# so when its 99 degrees out...



## builttoughf350 (Mar 30, 2007)

and youre out working in the sun, taking down trees and dragging brush, sometimes you HAVE to wear jeans cause shorts dont protect your legs....

how do you keep your "franks and beans" clean and dry? i know its a dumb question to ask online, but, we've all experienced this problem, the "fromundacheese" ( the cheese from under my balls ) 

jokes aside, this is a hygene issue right? whats the cure, or do we have to sweat it out for 8-14 hours and wait til we get home to shower- anything you can buy at a pharmacy to powder up with and stay fresh?


ever hand someone a dollar bill out of your wallet at the end of the day, and feel guilty cause its covered in sweat from being in your back pocket?


----------



## ADDA (Mar 30, 2007)

Lots of talcum powder under the BALLISTIC NYLON CHAINSAW TROUSERS!!!!


----------



## dimanager (Mar 30, 2007)

+1

Sam


----------



## Treeman587 (Mar 30, 2007)

Gold Bond in the GREEN bottle. Put it on your berries before you start working. You may need to freshen up throughout the day. But if you wait until "the uncomfortableness" has started, it will sting like a SOB. I have been doing this for years, its great.


----------



## Jumper (Mar 30, 2007)

Any talc powder is better than nothing at all, though I agree the Gold Bond stuff is the best. I also find that if you do get chafed, skin creme meant for baby rash is also helpful. If you gotta get into the back of the truck and peel off your pants in public, so be it, otherwise wear a speedo type bathing suit and just peel your pants off in public-also useful if there is a beach or pool closeby for a noon hour swim.
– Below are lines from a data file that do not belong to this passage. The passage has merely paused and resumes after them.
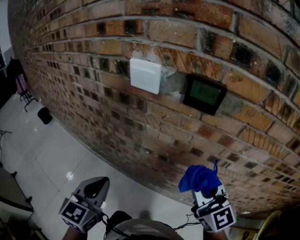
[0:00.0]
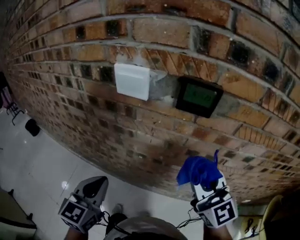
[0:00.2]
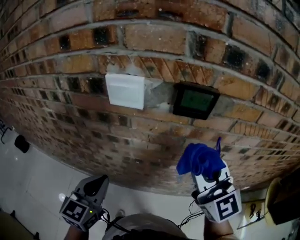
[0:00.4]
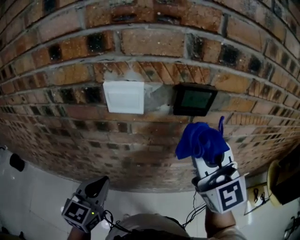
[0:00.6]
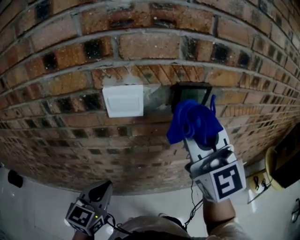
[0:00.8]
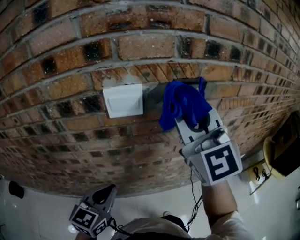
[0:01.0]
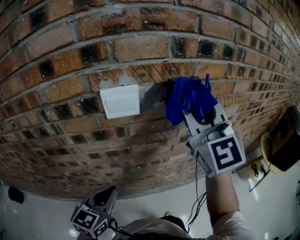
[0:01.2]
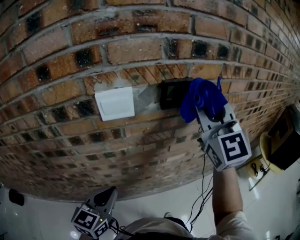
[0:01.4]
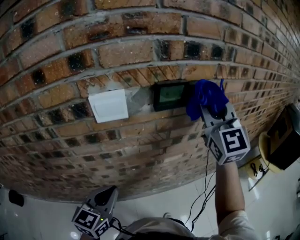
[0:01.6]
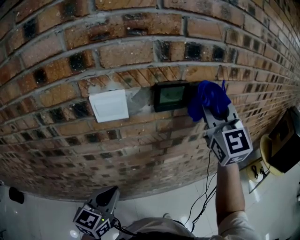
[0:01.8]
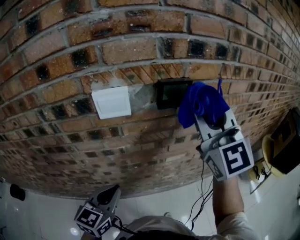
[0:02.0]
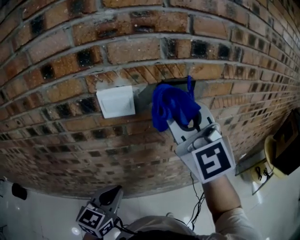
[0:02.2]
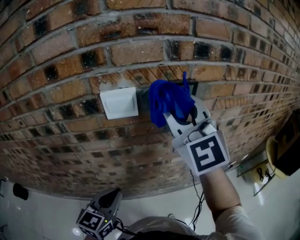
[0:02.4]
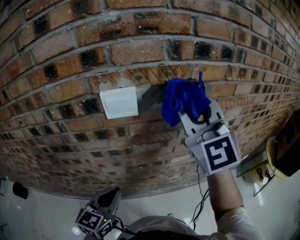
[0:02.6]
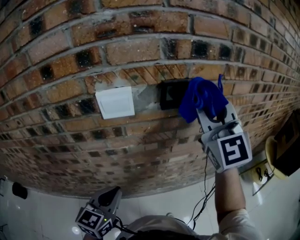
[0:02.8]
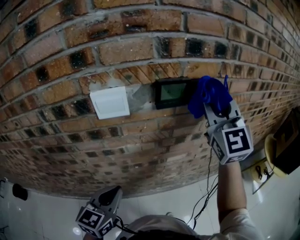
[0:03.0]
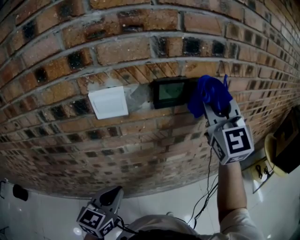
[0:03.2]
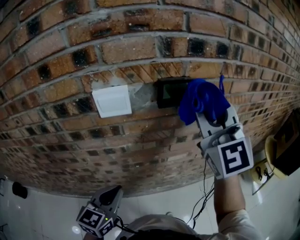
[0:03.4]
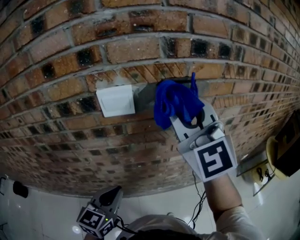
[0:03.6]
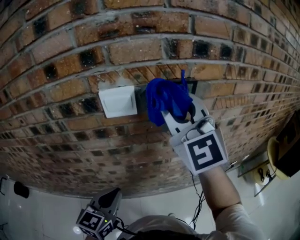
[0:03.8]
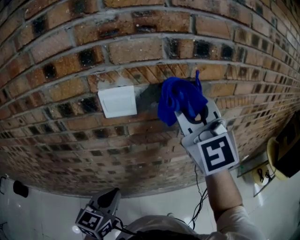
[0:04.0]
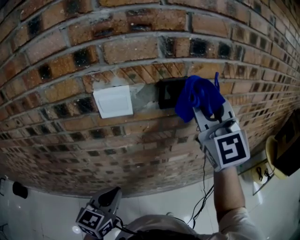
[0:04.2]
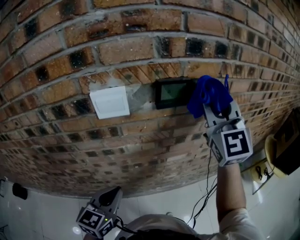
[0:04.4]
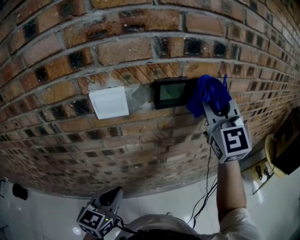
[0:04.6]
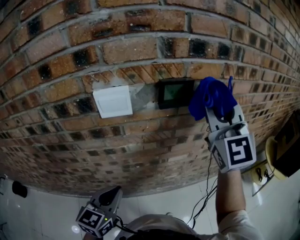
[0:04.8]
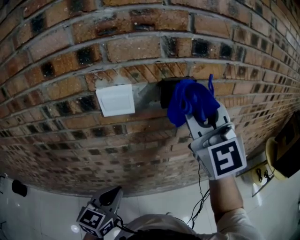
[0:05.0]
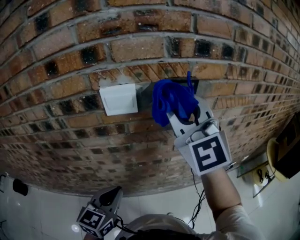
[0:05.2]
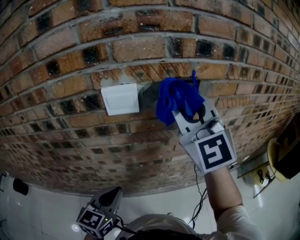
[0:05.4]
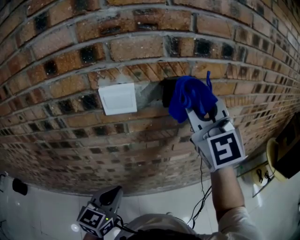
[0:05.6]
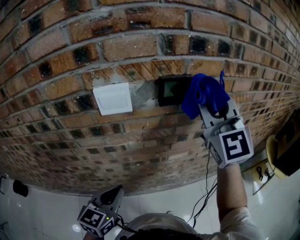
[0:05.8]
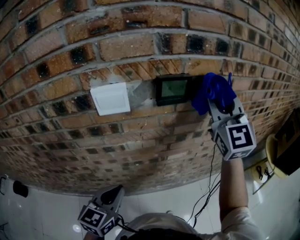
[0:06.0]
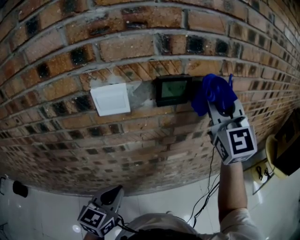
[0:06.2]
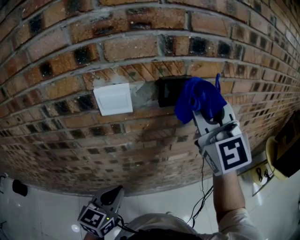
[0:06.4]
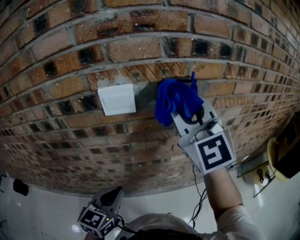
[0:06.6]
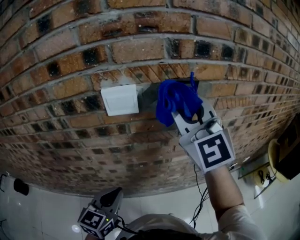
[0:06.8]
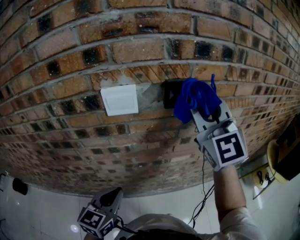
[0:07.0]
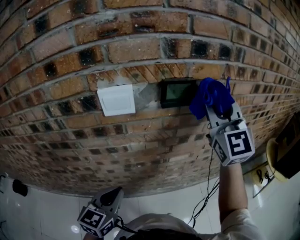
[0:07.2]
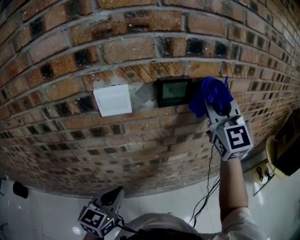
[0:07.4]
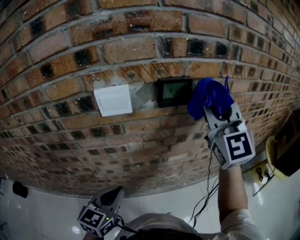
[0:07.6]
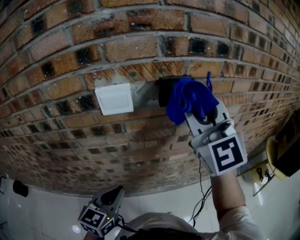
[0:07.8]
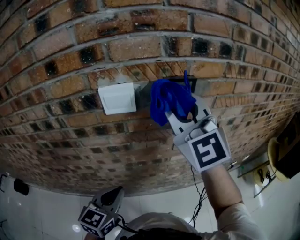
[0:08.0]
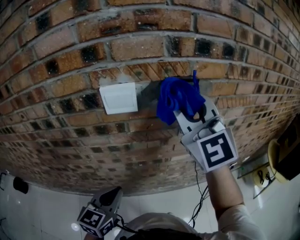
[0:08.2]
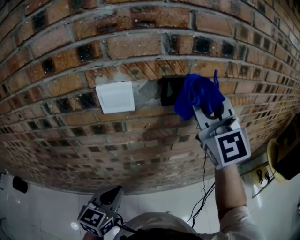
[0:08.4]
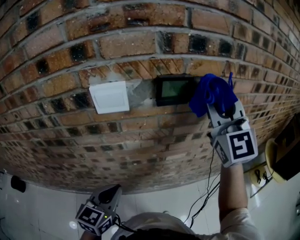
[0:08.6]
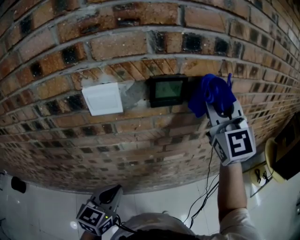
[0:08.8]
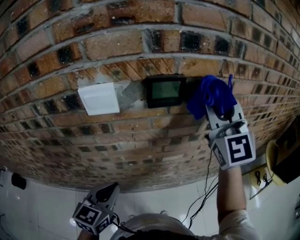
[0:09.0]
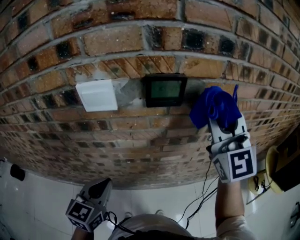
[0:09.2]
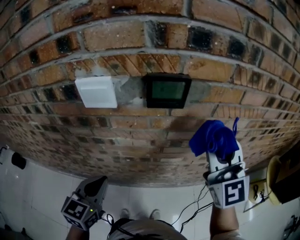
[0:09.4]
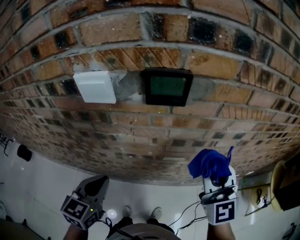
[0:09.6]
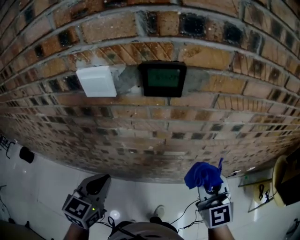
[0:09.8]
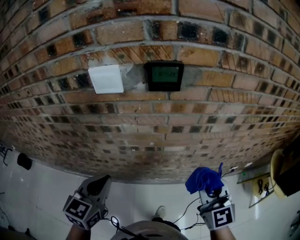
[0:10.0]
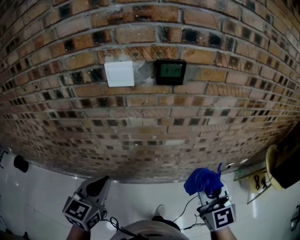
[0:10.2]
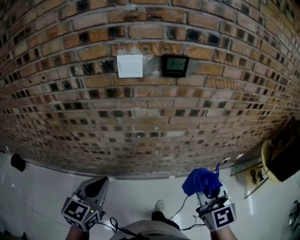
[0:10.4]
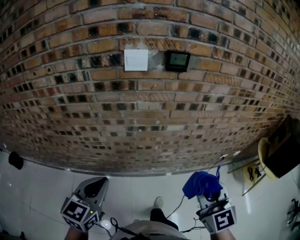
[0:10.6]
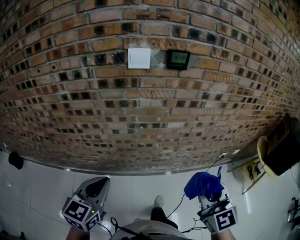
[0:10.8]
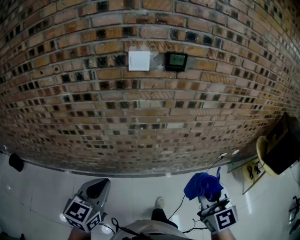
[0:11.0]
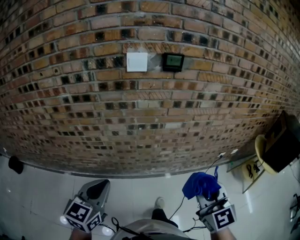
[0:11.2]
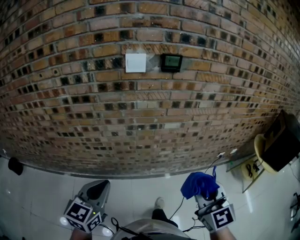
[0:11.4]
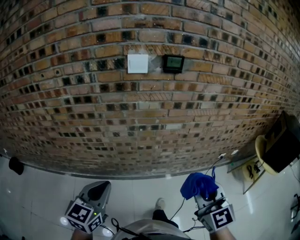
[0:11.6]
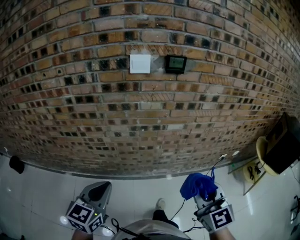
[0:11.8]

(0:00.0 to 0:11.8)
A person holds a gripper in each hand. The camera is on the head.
0:00.0 - 0:01.4: The left gripper ends up some 10 cm from where it was, and swivels some 40 degrees; the right gripper shifts approximately 20 cm upward, and swivels roughly 50 degrees.
0:01.4 - 0:03.0: The right gripper moves left and right over some 15 cm, changing direction 2 times.
0:03.0 - 0:04.4: The right gripper travels to the left and back again, about 15 cm each way.
0:04.4 - 0:06.0: The right gripper goes to the left and returns, roughly 15 cm each way.
0:06.0 - 0:07.4: The right gripper travels to the left and back again, roughly 15 cm each way.
0:07.4 - 0:08.8: The right gripper reaches roughly 15 cm to the left, then returns.
0:08.8 - 0:10.4: The left gripper is displaced backward by approximately 15 cm. Meanwhile the right gripper moves backward and downward, approximately 35 cm, and changes its angle by approximately 30 degrees.
0:10.4 - 0:11.8: Both grippers move backward, approximately 10 cm.

And yes, chain saw pants on a hot day are a b*tch, but you have to wear them here....fortunately the summer weight pair I have are quite comfy, no warmer than jeans.


----------



## kevinj (Mar 30, 2007)

Treeman587 said:


> Gold Bond in the GREEN bottle. Put it on your berries before you start working. You may need to freshen up throughout the day. But if you wait until "the uncomfortableness" has started, it will sting like a SOB. I have been doing this for years, its great.



+1

This could almost be in the " Tips and Tricks " thread.


----------



## Highclimber OR (Mar 30, 2007)

What is the issue here? I don't need to expose my ballistics to anyone but my wife. A shower every night is good enough for me, besides I am pretty sure that the smell of trees and petro drown out any unpleasant body odor. Use deodorant and some powder if must, but I thought it was women who had freshness issues.


----------



## kevinj (Mar 30, 2007)

Highclimber OR said:


> What is the issue here? I don't need to expose my ballistics to anyone but my wife. A shower every night is good enough for me, besides I am pretty sure that the smell of trees and petro drown out any unpleasant body odor. Use deodorant and some powder if must, but I thought it was women who had freshness issues.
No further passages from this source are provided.